Surrogate demand models (SDMs) for bridges, called also metamodels [57], were proposed by Ghosh et al. [26] with the intention to reduce computation time, yet efficiently reflect the complex relationship between predictor variables and the predicted seismic responses of a bridge component. To this end, Ghosh et al. [26] implemented four algorithms to approximate $S_D$ of multispan simply supported concrete bridges. These algorithms were the classical second-order PRSM (Equation (10)), multivariate adaptive regression splines (MARS) (introduced by Friedman [58]), and RBF networks (Equation (15)). They adopted a polyharmonic spline (Equation (17)) for the RBF. In the MARS algorithm (Equations (18) and (19)), $S_D$ is expressed as an expansion of spline basis functions, which are composed of linear and cubic splines. In these formulations, nbf represents the number of basis functions and nf represents the number of truncated linear functions multiplied in the ith basis function. The variable $t_{ji}$ is the knot value corresponding to the input parameter $x_{ji}$ and is set by a forward–backward iterative procedure. In addition, $s_{ji}$ is a sign variable that is equal to +1 or −1, which indicates the right or left side of the considered step function.

$${\varphi }_i\left[\mathit{\omega },x\right]=\frac{{{\displaystyle \sum }}_{j=1}^k{(x_j-c{r}_{ij})}^2}{{\zeta }_i^2}$$

(17)

$${\widehat{S}}_D={\rho }_0+{{\displaystyle \sum }}_{i=1}^{nbf}{\rho }_i{f}_i\left[.,x\right]$$

(18)

$$f_i\left[.,x\right]={{\displaystyle \prod }}_{j=1}^{nf}\left[s_{ji}\left(x_{ji}-t_{ji}\right)\right]$$

(19)

The regression model developed by Ghosh et al. [26] consisted of 11 input variables, extracted from the GM intensity, bridge modeling parameters, and deterioration affected parameters.
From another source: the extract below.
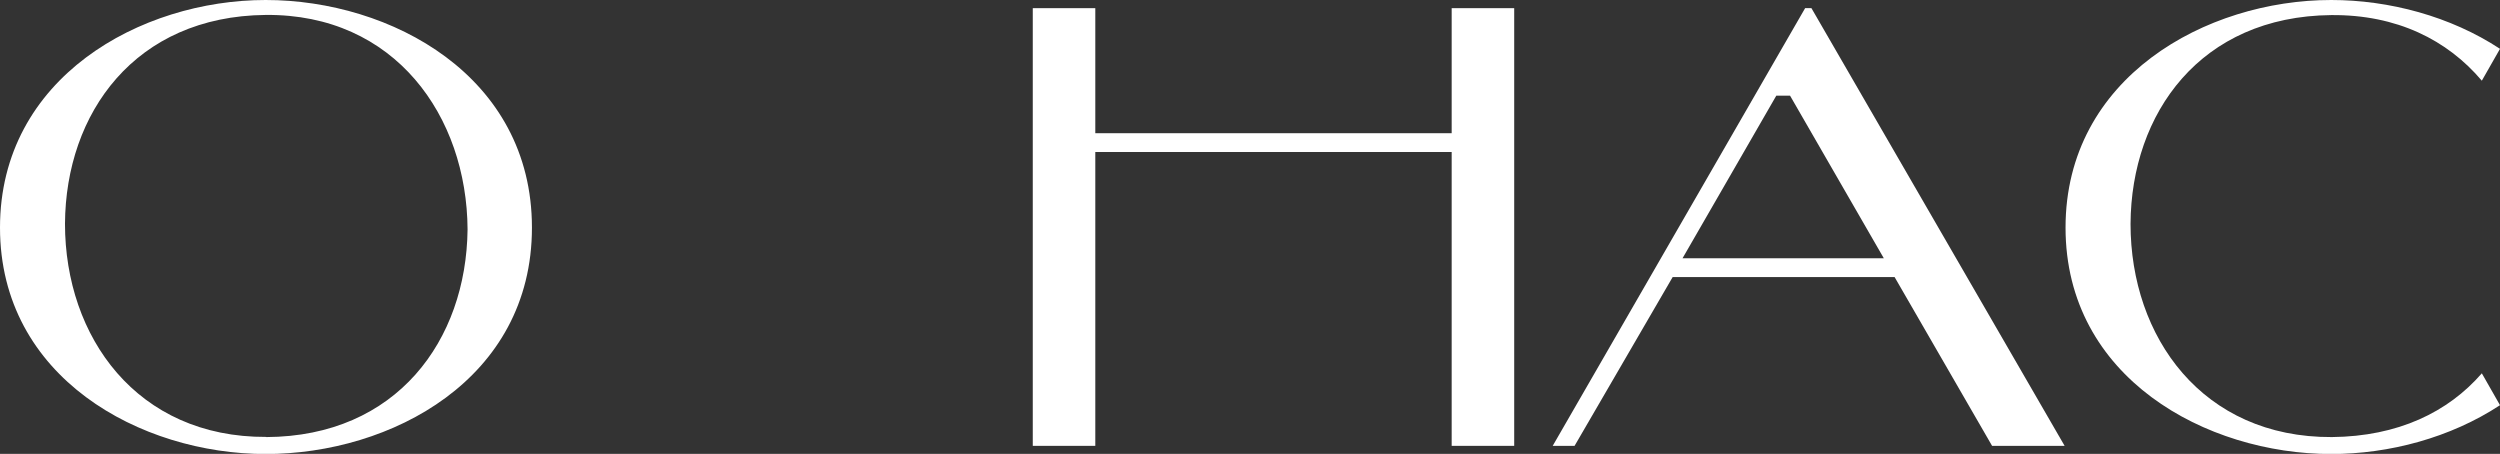 <?xml version="1.0" encoding="UTF-8"?> <svg xmlns="http://www.w3.org/2000/svg" id="_Слой_1" data-name="Слой 1" viewBox="0 0 162.33 29.47"><rect x="0" y="0" width="162.33" height="29.47" fill="#333333" stroke="none"/><defs><style> .cls-1 { fill: #fff; } </style></defs><path class="cls-1" d="M17.25,0c8.12,0,17.29,4.92,17.29,14.78s-9.17,14.7-17.29,14.7S0,24.52,0,14.78,9.13,0,17.25,0ZM17.29,28.38c8.48-.04,12.99-6.29,13.07-13.48-.04-7.35-4.71-14.01-13.11-13.93-8.48.08-12.99,6.37-13.03,13.56,0,7.35,4.67,13.88,13.07,13.84Z"></path><path class="cls-1" d="M71.12,8.65h23.14V.53h4.06v28.42h-4.06V9.87h-23.14v19.08h-4.06V.53h4.06v8.12Z"></path><path class="cls-1" d="M123.02,17.99h-14.41l-6.37,10.96h-1.42L117.21.53h.41l16.44,28.42h-4.71l-6.33-10.96ZM115.34,6.21l-6.09,10.56h13.07l-6.09-10.56h-.89Z"></path><path class="cls-1" d="M162.33,26.31c-3.21,2.11-7.19,3.17-10.96,3.17-8.12,0-17.25-4.95-17.25-14.7S143.25,0,151.37,0c3.77,0,7.75,1.06,10.96,3.17l-1.18,2.07c-2.23-2.64-5.52-4.3-9.78-4.26-8.49.08-12.99,6.37-13.03,13.56,0,7.35,4.67,13.88,13.07,13.84,4.3-.04,7.55-1.62,9.74-4.14l1.18,2.07Z"></path></svg>

On the other hand, the outcome variables were selected from the seismic responses of the primary bridge components including the columns, bearings, and abutments. In conclusion, the model with the best overall performance was the one produced by MARS. The surrogate models built up by RBF and PRSM placed second and third, respectively.

Similarly, Kameshwar and Padgett [38] applied PRSM, the adaptive basis function construction (ABFC) [59], and RBF networks with Gaussian basis functions to estimate $S_D$ of multispan simply supported concrete bridges. Although the ABFC is similar to the PRSM, the order of polynomials is not predetermined in the ABFC algorithm. Thereby, ABFC can produce generalized polynomial models. They used nine input parameters, including the material and geometric properties of bridges, while using PGA as the IM. The best performing metamodel to estimate $S_D$ found by this study was the one developed by ABFC. Moreover, the fourth-order PRSM showed the best overall performance among the polynomial models tested.
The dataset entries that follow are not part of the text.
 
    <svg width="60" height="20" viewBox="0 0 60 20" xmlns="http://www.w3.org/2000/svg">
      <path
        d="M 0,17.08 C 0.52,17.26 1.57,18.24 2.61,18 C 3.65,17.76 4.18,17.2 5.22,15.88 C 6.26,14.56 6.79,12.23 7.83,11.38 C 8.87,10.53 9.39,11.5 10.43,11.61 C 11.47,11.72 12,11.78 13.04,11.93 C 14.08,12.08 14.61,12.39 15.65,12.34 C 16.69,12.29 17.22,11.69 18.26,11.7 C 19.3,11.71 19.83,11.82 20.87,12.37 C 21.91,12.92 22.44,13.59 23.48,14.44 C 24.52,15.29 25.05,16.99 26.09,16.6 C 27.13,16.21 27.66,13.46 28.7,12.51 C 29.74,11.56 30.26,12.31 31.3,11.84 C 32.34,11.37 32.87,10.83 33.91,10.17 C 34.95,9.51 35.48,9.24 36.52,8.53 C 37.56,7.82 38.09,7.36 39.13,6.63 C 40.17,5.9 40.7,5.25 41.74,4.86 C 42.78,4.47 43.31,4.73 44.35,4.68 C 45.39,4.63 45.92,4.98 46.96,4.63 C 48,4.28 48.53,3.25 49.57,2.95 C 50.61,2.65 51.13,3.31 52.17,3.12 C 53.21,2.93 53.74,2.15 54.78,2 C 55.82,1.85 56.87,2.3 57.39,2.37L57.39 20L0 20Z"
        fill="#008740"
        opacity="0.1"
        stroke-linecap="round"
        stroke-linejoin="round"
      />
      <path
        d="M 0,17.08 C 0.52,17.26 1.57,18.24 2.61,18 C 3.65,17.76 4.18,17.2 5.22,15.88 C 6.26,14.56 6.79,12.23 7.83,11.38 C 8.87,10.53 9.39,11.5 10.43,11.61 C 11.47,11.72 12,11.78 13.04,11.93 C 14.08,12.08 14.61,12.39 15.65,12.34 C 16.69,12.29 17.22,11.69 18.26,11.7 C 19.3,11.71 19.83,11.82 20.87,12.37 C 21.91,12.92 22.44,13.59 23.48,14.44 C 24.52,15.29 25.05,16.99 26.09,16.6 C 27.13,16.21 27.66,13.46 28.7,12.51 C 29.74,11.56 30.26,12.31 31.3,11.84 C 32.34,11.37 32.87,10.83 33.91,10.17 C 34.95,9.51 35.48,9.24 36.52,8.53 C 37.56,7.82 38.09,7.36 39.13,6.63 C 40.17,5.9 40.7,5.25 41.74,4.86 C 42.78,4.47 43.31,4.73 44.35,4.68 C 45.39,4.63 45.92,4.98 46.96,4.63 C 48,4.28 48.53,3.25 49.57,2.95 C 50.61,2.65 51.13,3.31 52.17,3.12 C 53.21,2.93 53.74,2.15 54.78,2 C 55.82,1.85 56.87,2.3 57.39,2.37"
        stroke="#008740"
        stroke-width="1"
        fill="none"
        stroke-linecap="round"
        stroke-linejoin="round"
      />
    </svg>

2.8. Multivariate Multiple Linear Regression

As stated earlier, MMLR [48] is an extension of the MLR in which a vector of response variables within the same structure is expressed as a function of a vector of predictor variables. As expressed in Equation (20), the k input parameters ($x=\left[x_i,\dots ,x_k\right]$, which can include parameters such as the concrete strength, deck width, superstructure length, etc.) are mapped to a number of responses (such as column curvature ductility, bearing responses, etc.). These two approaches (MMLR and MLR) provide similar regression models with equal regression coefficients and residual variance for individual responses. Nevertheless, MMLR provides the residual correlation between the responses which facilitates the joint calculation of response measures in the process of damage estimation.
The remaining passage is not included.